PAM’s licence to thrill – NHS England blog post from Professor Alf Collins

July 11, 2016

PAM’s licence to thrill – NHS England blog post from Professor Alf Collins

NHS England’s National Clinical Advisor for the Personalisation and Choice Group delights in today’s announcement that 37 sites, including Integrated Personal Commissioning sites, will receive Patient Activation Measure licences:

How engaged are people in managing their health and care?…was the title of a Health Foundation publication in 2005.

This followed from Sir Derek Wanless’ 2002 report for Gordon Brown – who was then at the Treasury – that the very survival of the NHS depended on people being ‘fully engaged’ in managing their own health and care.

Subsequent to this landmark paper, a number of influential commentators including Chris Ham (now at The Kings Fund) and David Colin Thome (at the time a GP in Cheshire) went to America and saw how health management organisations were adopting evidence-based systems to rise to the challenge of long-term conditions.

Many were using the ‘chronic care model’ which had been developed in Seattle, and it seemed to work. On this basis, the model was adapted and introduced into the UK, and it became official UK policy in 2006 for people to be supported to manage their own health and wellbeing, that is, supported to self-care, and to be ‘fully engaged’.

So, what demonstrable progress have we made over the last 10 years?

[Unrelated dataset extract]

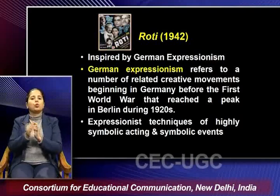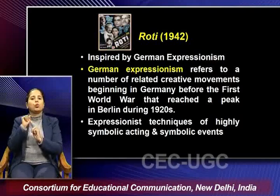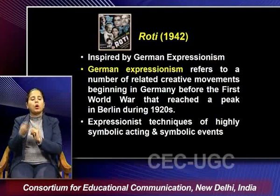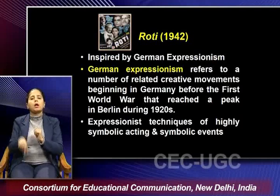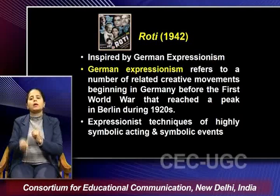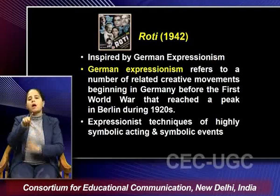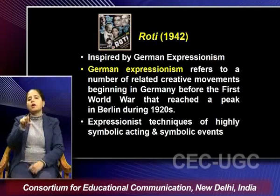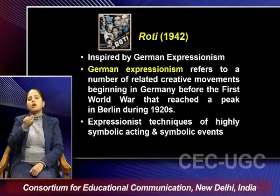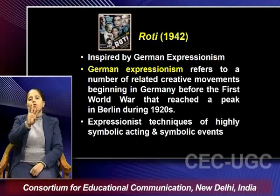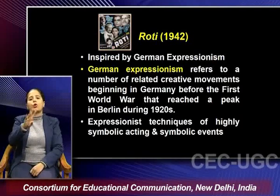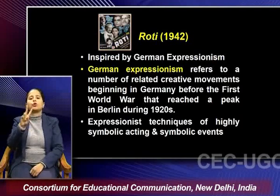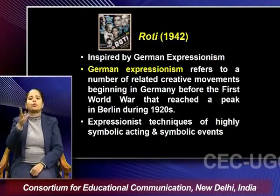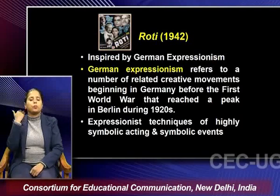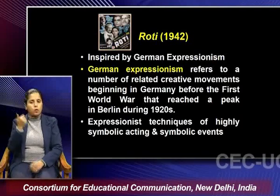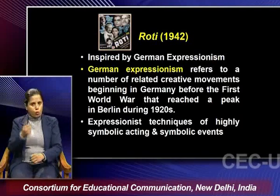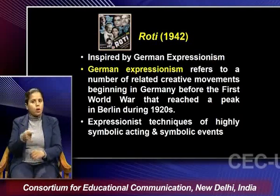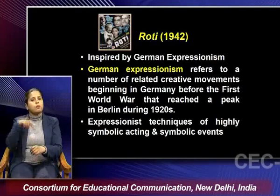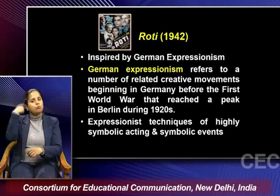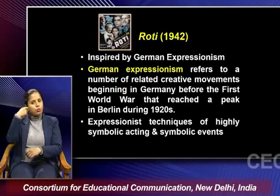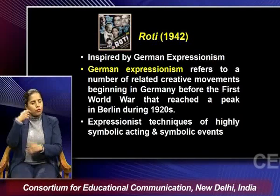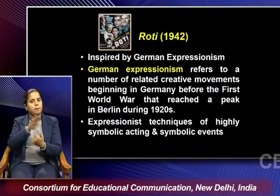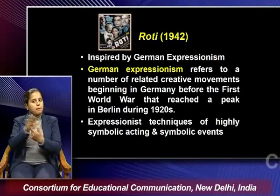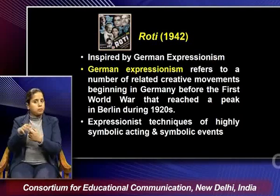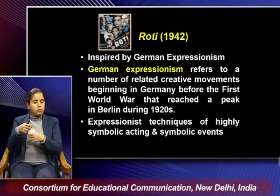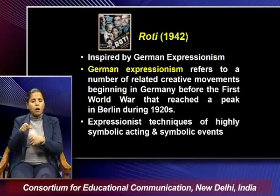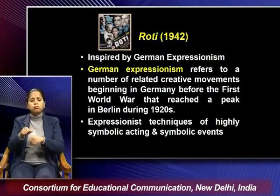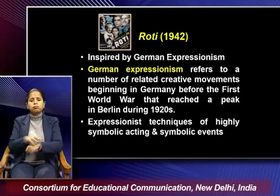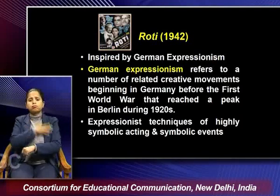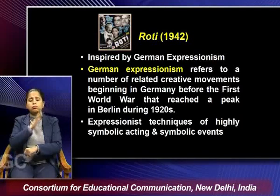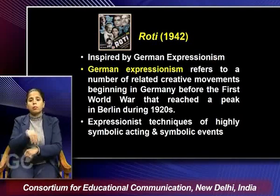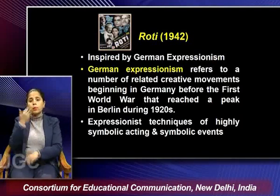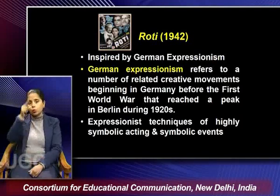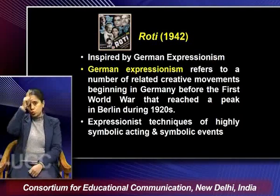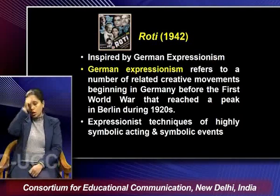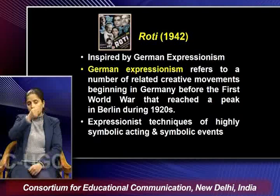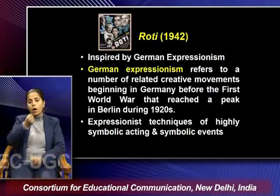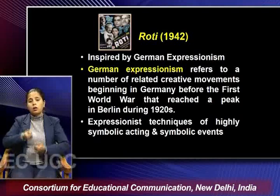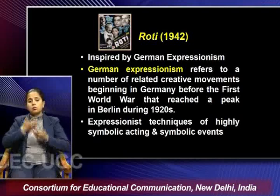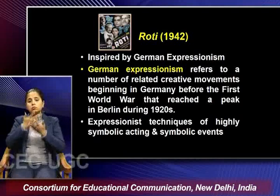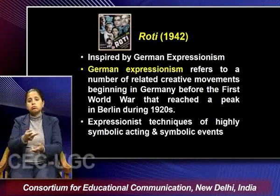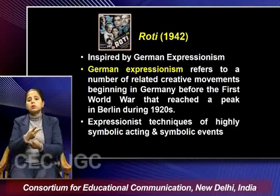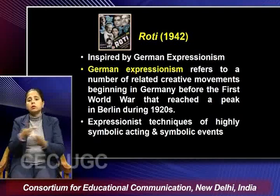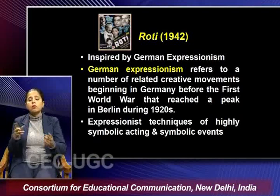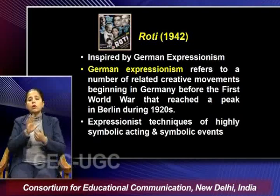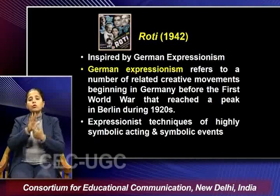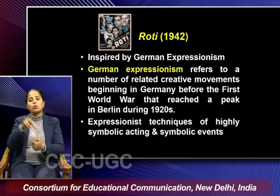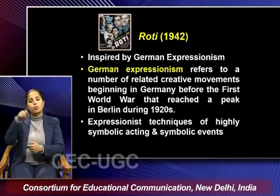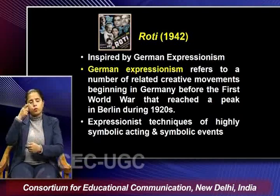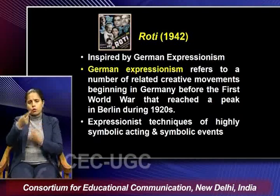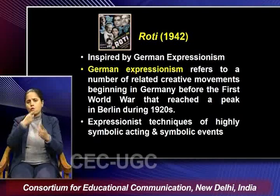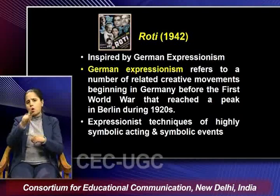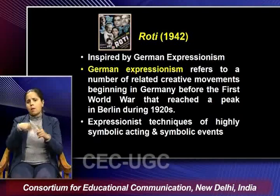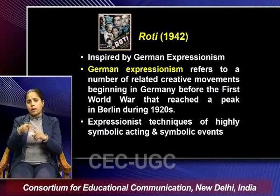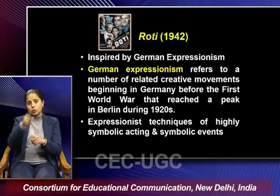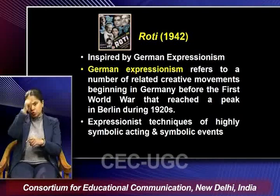and this film was inspired by the german expressionism and when you talk about

Well, Chapter Two of the Five Year Forward View reiterated the Wanless challenge, but to be perfectly honest, we don’t know about progress because we haven’t had a national metric to track patient engagement. So let’s go back to that Health Foundation paper which looked at how engaged people were in 2005.

In that paper, the authors used a (then) new measure called the Patient Activation Measure. We now understand this to be the best measure of ‘how engaged’ people are in managing their health, if they live with long-term medical conditions. In 2005, the authors showed that around a third of our population have low or very low levels of engagement, in other words, low levels of knowledge, skills and confidence to manage their health. Because of this, there is a tendency for them to develop more and more long-term conditions, a worsening quality of life and for them to cost more than those who are more engaged.